# Another new guy. Need your valuable opinions on pen colors!



## DGoodSTuff (Nov 15, 2017)

Joining this awesome place to seek some feedback from you fine fellas! I'm a product designer and still pretty old fashioned when it comes to using a pen for sketching and designs. Many in my field moved to digital tool while I go through lots of papers and ink each day. 

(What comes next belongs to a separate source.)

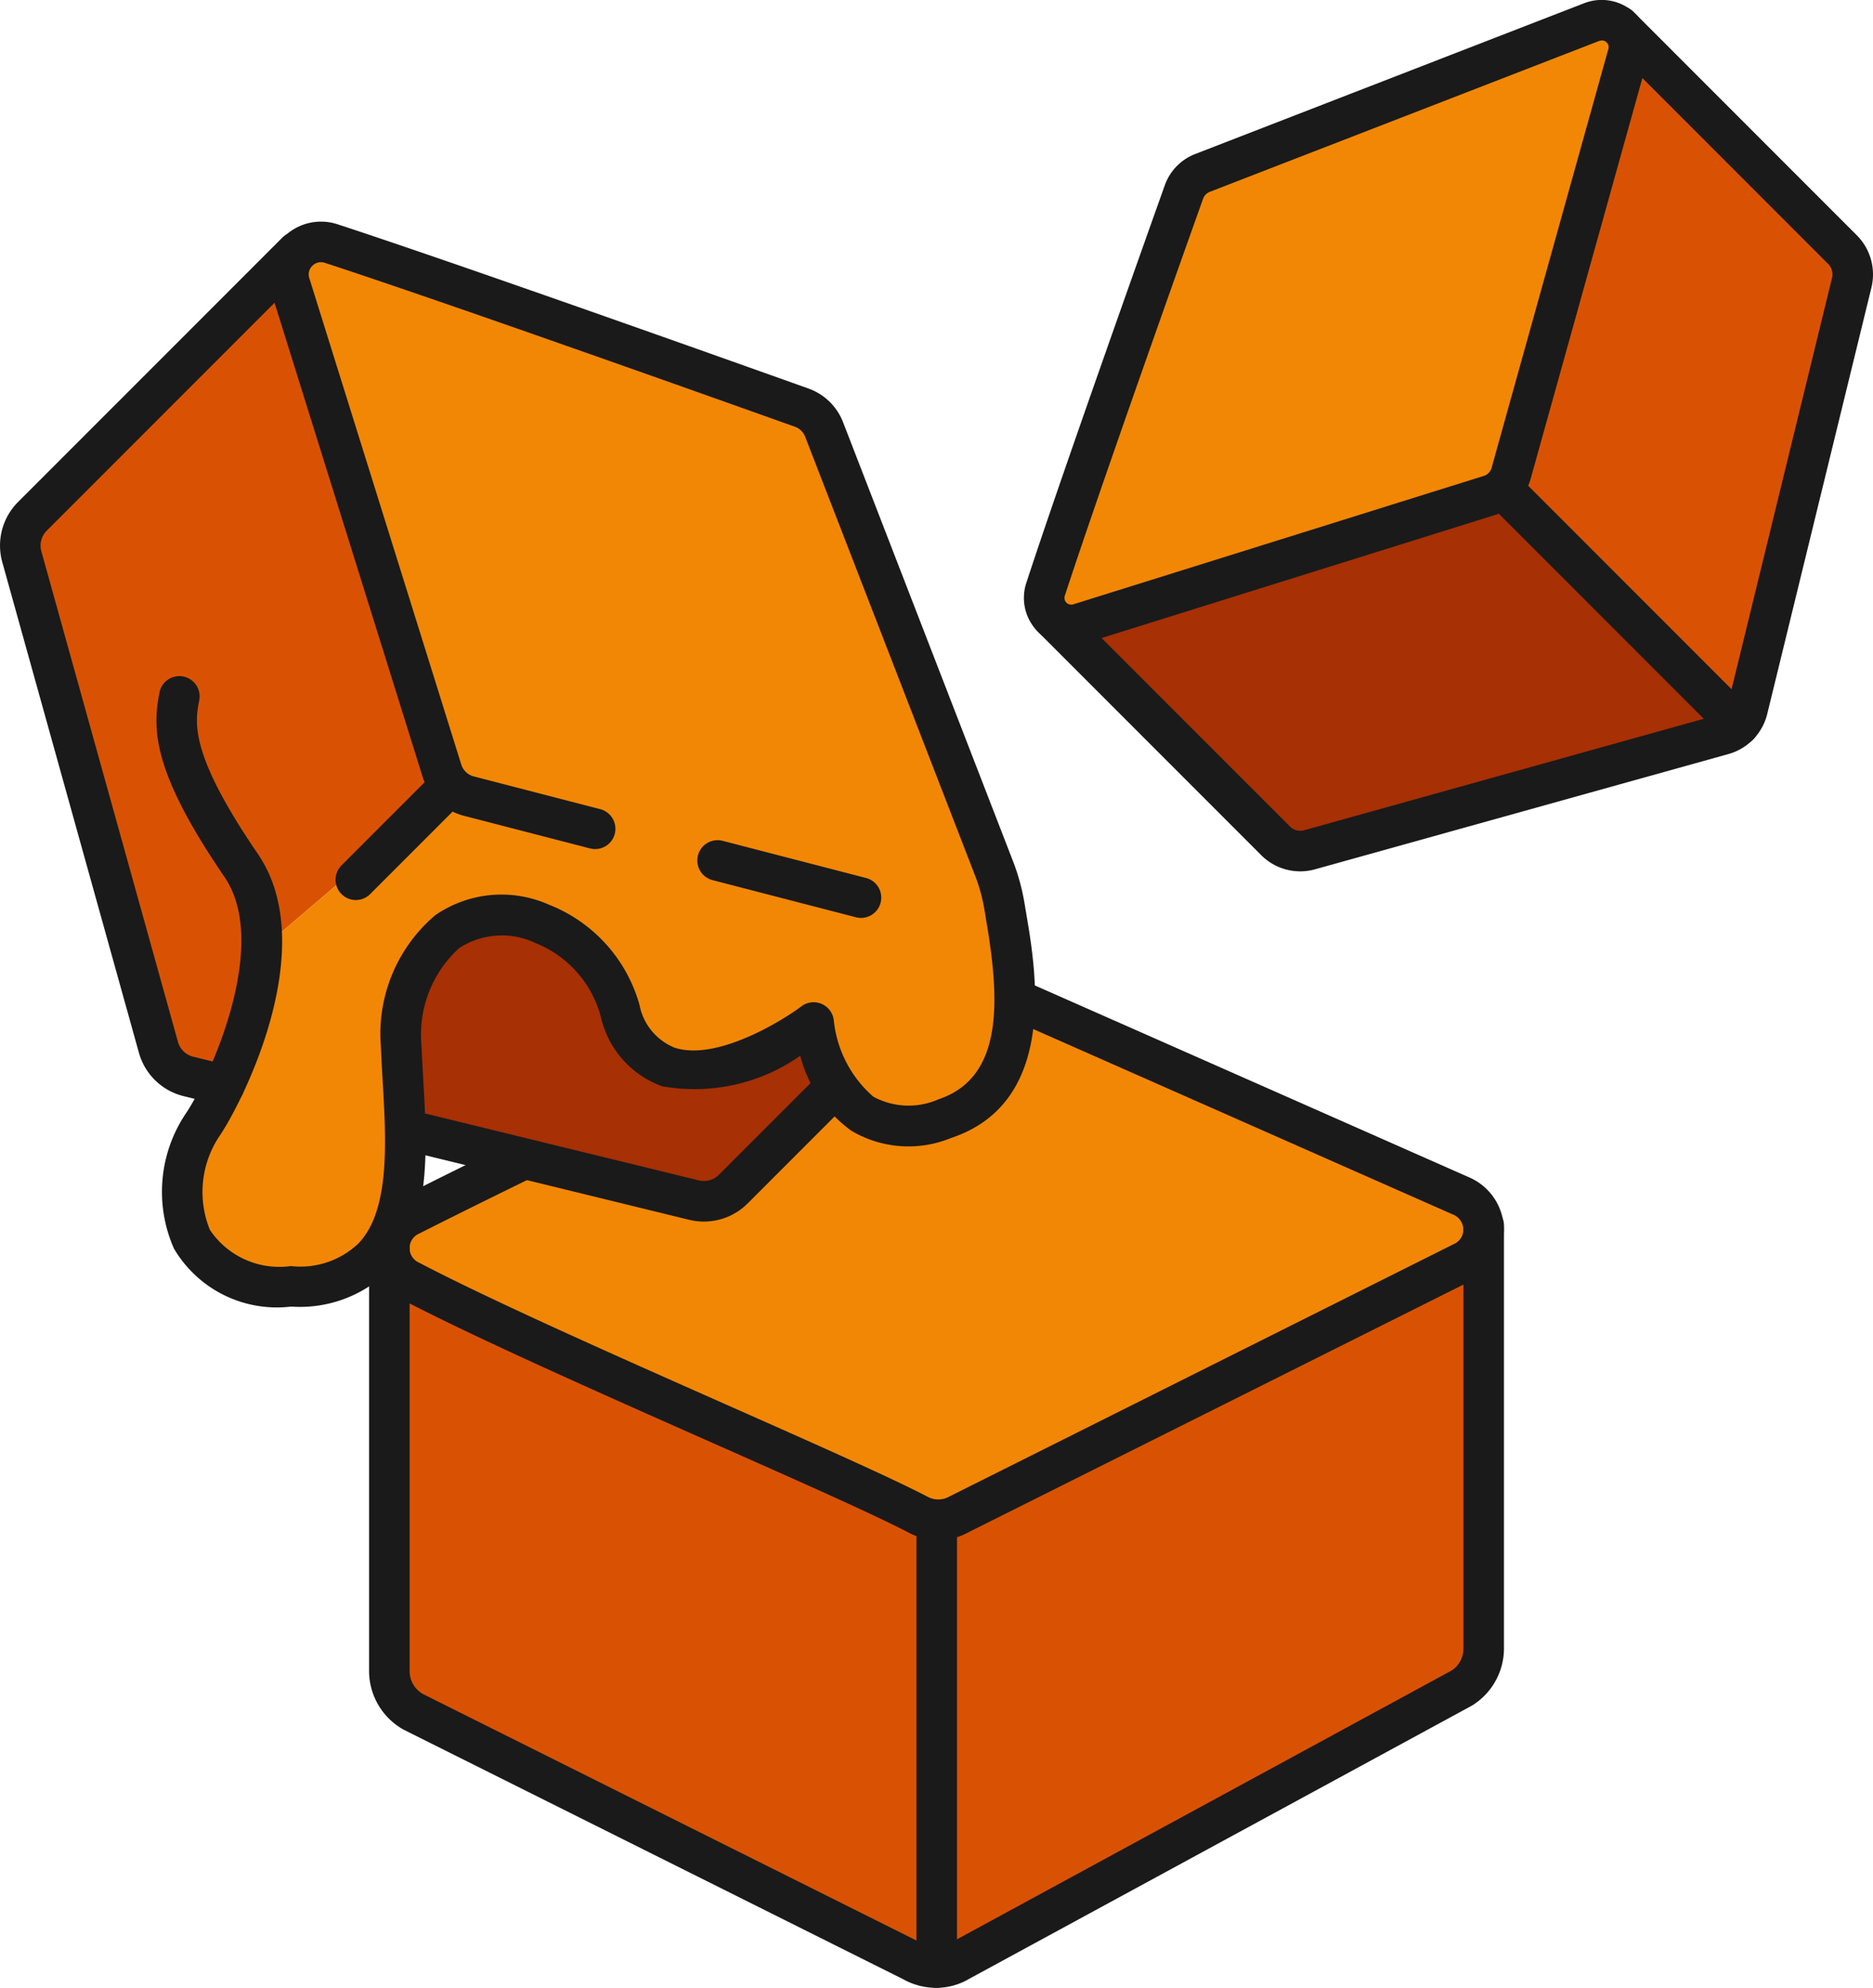 <svg xmlns="http://www.w3.org/2000/svg" width="46.196" height="49" viewBox="0 0 46.196 49"><g id="b9d91c09-2418-4ba2-9e59-4fd58121ccbc" data-name="Layer 2"><g id="e35d4876-640d-4ba5-ab72-29b284e4bb99" data-name="Layer 1"><polygon points="5.722 26.731 6.524 23.333 11.024 19.493 7.004 6.593 0.404 13.373 4.244 26.284 5.722 26.731" style="fill:#d95203"/><path d="M7.004,6.593l4.02,12.9-4.5,3.84-.48,2.951-1.38,1.914s-.06,4.195,2.76,3.595,2.547-2.394,2.547-3.957-.987-6.335,2.433-5.209,2.431,4.348,5.34,3.657,1.87-1.369,1.87-1.369.769,3.381,2.93,2.859,3.099-2.147,2.46-5.146-4.911-12.179-4.86-12.554S7.679,5.849,7.679,5.849Z" style="fill:#f28705"/><path d="M20.654,26.618l-2.905,2.944L9.971,27.836V24.201s1.773-3.478,4.113-.913,1.26,3.308,2.97,3.263a5.071,5.071,0,0,0,3.06-1.417Z" style="fill:#a73004"/><polygon points="25.256 24.593 36.593 29.71 36.093 31.081 23.104 37.373 9.145 31.081 12.313 28.313 18.39 29.71 20.624 26.993 22.604 28.198 24.704 27.251 25.256 24.593" style="fill:#f28705"/><polygon points="36.625 31.081 36.625 40.883 22.604 48.499 9.896 41.693 9.571 31.336 23.264 37.823 36.625 31.081" style="fill:#d95203"/><polyline points="42.884 17.693 31.784 21.053 26.255 15.653 37.479 11.759" style="fill:#a73004"/><polyline points="37.479 11.759 40.661 0.998 45.764 6.353 42.884 17.693 37.479 11.759" style="fill:#d95203"/><polygon points="40.006 0.998 37.479 11.759 26.255 15.653 25.459 15.225 29.504 4.193 39.674 0.22 40.006 0.998" style="fill:#f28705"/><path d="M23.147,37.962a1.564,1.564,0,0,1-.723-.176c-.865-.453-2.838-1.327-4.927-2.252-2.729-1.209-5.824-2.58-7.62-3.521a1.389,1.389,0,0,1,.017-2.499c.717-.364,1.644-.823,2.67-1.324a.5.5,0,1,1,.438.898c-1.021.499-1.942.955-2.657,1.317a.391.391,0,0,0-.005.722c1.767.925,4.845,2.289,7.561,3.492,2.196.973,4.092,1.813,4.986,2.281a.554.554,0,0,0,.525-.009l12.479-6.241a.391.391,0,0,0,.201-.359.41.41,0,0,0-.268-.358l-10.813-4.775a.5.5,0,1,1,.404-.915l10.812,4.775a1.42,1.42,0,0,1,.863,1.224,1.405,1.405,0,0,1-.731,1.291l-12.479,6.241A1.497,1.497,0,0,1,23.147,37.962Z" style="fill:#1a1a1a"/><path d="M23.088,49a1.658,1.658,0,0,1-.814-.213l-12.311-6.146a1.656,1.656,0,0,1-.86-1.446V30.791a.5.5,0,0,1,1,0V41.195a.647.647,0,0,0,.329.563l12.311,6.146a.66.66,0,0,0,.675.001l12.386-6.727a.642.642,0,0,0,.29-.54V30.21a.5.5,0,0,1,1,0V40.638a1.656,1.656,0,0,1-.792,1.407L23.916,48.772A1.594,1.594,0,0,1,23.088,49Z" style="fill:#1a1a1a"/><path d="M23.104,48.999a.5.5,0,0,1-.5-.5V37.608a.5.5,0,0,1,1,0V48.499A.5.5,0,0,1,23.104,48.999Z" style="fill:#1a1a1a"/><path d="M5.534,27.251a.496.496,0,0,1-.119-.014l-.886-.217a1.519,1.519,0,0,1-1.102-1.067L.056,13.856a1.519,1.519,0,0,1,.388-1.48L6.972,5.849a.5.5,0,0,1,.707.707L1.151,13.083a.519.519,0,0,0-.132.504L4.39,25.685a.518.518,0,0,0,.375.363l.886.217a.5.5,0,0,1-.118.986Z" style="fill:#1a1a1a"/><path d="M17.358,30.112a1.515,1.515,0,0,1-.355-.042l-6.665-1.629a.5.5,0,1,1,.237-.972l6.665,1.629a.522.522,0,0,0,.488-.136l2.532-2.531a.5.5,0,0,1,.707.707l-2.531,2.531A1.526,1.526,0,0,1,17.358,30.112Z" style="fill:#1a1a1a"/><path d="M8.775,22.186A.5.5,0,0,1,8.422,21.333l2.241-2.241a.5.5,0,0,1,.707.707L9.129,22.04A.498.498,0,0,1,8.775,22.186Z" style="fill:#1a1a1a"/><path d="M26.418,15.904a1.16,1.16,0,0,1-.83-.343,1.18,1.18,0,0,1-.271-1.204c.818-2.503,2.819-8.128,3.413-9.793a1.287,1.287,0,0,1,.75-.768L39.06.084A1.19,1.19,0,0,1,40.295.3a1.176,1.176,0,0,1,.332,1.197L37.751,11.806a1.296,1.296,0,0,1-.854.881L26.788,15.847A1.228,1.228,0,0,1,26.418,15.904ZM39.511.998a.25.25,0,0,0-.089.019L29.841,4.728a.29.29,0,0,0-.168.171c-.593,1.661-2.59,7.276-3.404,9.767h0a.178.178,0,0,0,.032.191.18.18,0,0,0,.19.034l10.108-3.16a.292.292,0,0,0,.189-.196l2.876-10.31a.173.173,0,0,0-.041-.187A.164.164,0,0,0,39.511.998ZM25.793,14.512h0Z" style="fill:#1a1a1a"/><path d="M32.07,21.479a1.36,1.36,0,0,1-.961-.397L25.605,15.578a.5.5,0,0,1,.707-.707L31.816,20.374a.36.36,0,0,0,.349.092l10.2-2.843a.358.358,0,0,0,.251-.26l2.57-10.517a.359.359,0,0,0-.094-.338L39.576.993a.5.5,0,0,1,.707-.707l5.516,5.516a1.366,1.366,0,0,1,.359,1.283L43.587,17.601a1.36,1.36,0,0,1-.955.986L32.433,21.429A1.344,1.344,0,0,1,32.07,21.479Z" style="fill:#1a1a1a"/><path d="M42.886,18.374a.498.498,0,0,1-.354-.146l-5.761-5.761a.5.5,0,0,1,.707-.707l5.761,5.761a.5.5,0,0,1-.354.854Z" style="fill:#1a1a1a"/><path d="M21.236,22.627a.487.487,0,0,1-.126-.016l-3.537-.916a.5.5,0,1,1,.251-.968l3.537.916a.5.5,0,0,1-.125.984Z" style="fill:#1a1a1a"/><path d="M7.199,32.209H7.168a2.946,2.946,0,0,1-2.877-1.43,3.461,3.461,0,0,1,.282-3.316c.549-.796,2.125-4.148.961-5.85-1.789-2.614-1.777-3.647-1.598-4.556a.5.5,0,0,1,.981.192c-.109.555-.258,1.314,1.442,3.799,1.577,2.305-.391,6.154-.963,6.982a2.48,2.48,0,0,0-.219,2.287,2.061,2.061,0,0,0,1.996.892,2.074,2.074,0,0,0,1.672-.562c.778-.82.68-2.508.593-3.998-.017-.291-.033-.574-.043-.844a3.83,3.83,0,0,1,1.339-3.244,2.877,2.877,0,0,1,2.808-.259,3.736,3.736,0,0,1,2.231,2.469,1.424,1.424,0,0,0,.867,1.055c1.009.33,2.6-.625,3.128-1.021a.496.496,0,0,1,.5-.057.502.502,0,0,1,.297.406,2.88,2.88,0,0,0,.974,1.879,1.824,1.824,0,0,0,1.606.066c1.604-.535,1.516-2.425,1.183-4.387l-.046-.277a4.252,4.252,0,0,0-.237-.863L19.861,10.772a.425.425,0,0,0-.256-.253C17.638,9.818,10.988,7.451,8.013,6.479a.298.298,0,0,0-.308.072.294.294,0,0,0-.076.306L11.378,18.85a.437.437,0,0,0,.296.286l3.13.81a.5.5,0,1,1-.251.968l-3.14-.812a1.449,1.449,0,0,1-.99-.954L6.675,7.155A1.302,1.302,0,0,1,8.323,5.528c2.987.977,9.648,3.347,11.619,4.05a1.429,1.429,0,0,1,.853.834l4.184,10.801a5.277,5.277,0,0,1,.292,1.066l.045.268c.235,1.383.786,4.623-1.852,5.502a2.763,2.763,0,0,1-2.468-.177,3.305,3.305,0,0,1-1.259-1.847,4.539,4.539,0,0,1-3.405.752,2.377,2.377,0,0,1-1.513-1.713,2.705,2.705,0,0,0-1.613-1.819,1.934,1.934,0,0,0-1.88.125,2.877,2.877,0,0,0-.93,2.4c.01.263.026.539.042.822.098,1.692.21,3.61-.866,4.745A3.127,3.127,0,0,1,7.199,32.209Z" style="fill:#1a1a1a"/></g></g></svg>

I just finished making my first pen. I’m trying to pick out some final color/material combinations and would really like to hear your thoughts on the choices. I made a quick survey for the different colors and material variations. Please let me know what you think. Thank you for your time! https://goo.gl/forms/BNDZ8cmdEpKjyxUB2


----------



## magpens (Nov 16, 2017)

Welcome to IAP !!


----------



## DGoodSTuff (Nov 16, 2017)

magpens said:


> Welcome to IAP !!



Thanks!


----------



## thewishman (Nov 16, 2017)

Welcome from Ohio. I voted - nice looking pens.


----------



## ajollydds (Nov 16, 2017)

Very nice, I like them all.


----------



## MRDucks2 (Nov 16, 2017)

Welcome aboard from Indianapolis!


Sent from my iPhone using Penturners.org mobile app


----------



## Jim15 (Nov 16, 2017)

Welcome. Your pens are beautiful.


----------



## DGoodSTuff (Nov 16, 2017)

@thewishman @ajollyodds @MRDucks2 @Jim15

Thanks for the warm welcome! Glad you guys liked my pen and super appreciated the feedback!


----------



## JimB (Nov 16, 2017)

Welcome from western NY State! I like all of them. I really don't have a favorite so I can't vote.


----------



## Woodchipper (Nov 16, 2017)

Very nice pens.  Welcome to the forum.


----------



## DGoodSTuff (Nov 17, 2017)

@JimB @Woodchipper Thanks! and very very happy to be here


----------



## DGoodSTuff (Nov 17, 2017)

I got some really great feedback from you guys, thanks everyone! Some questions had popped up around the weight. The all aluminum version is the lightest, followed by the copper/brass barrel version(alu. scales) being slightly heavier and the all brass/copper scales version(alu. barrel) being the heaviest, but not bone crushing heavy. The scales will turn individually when twisting the pen to extrude the refill.


----------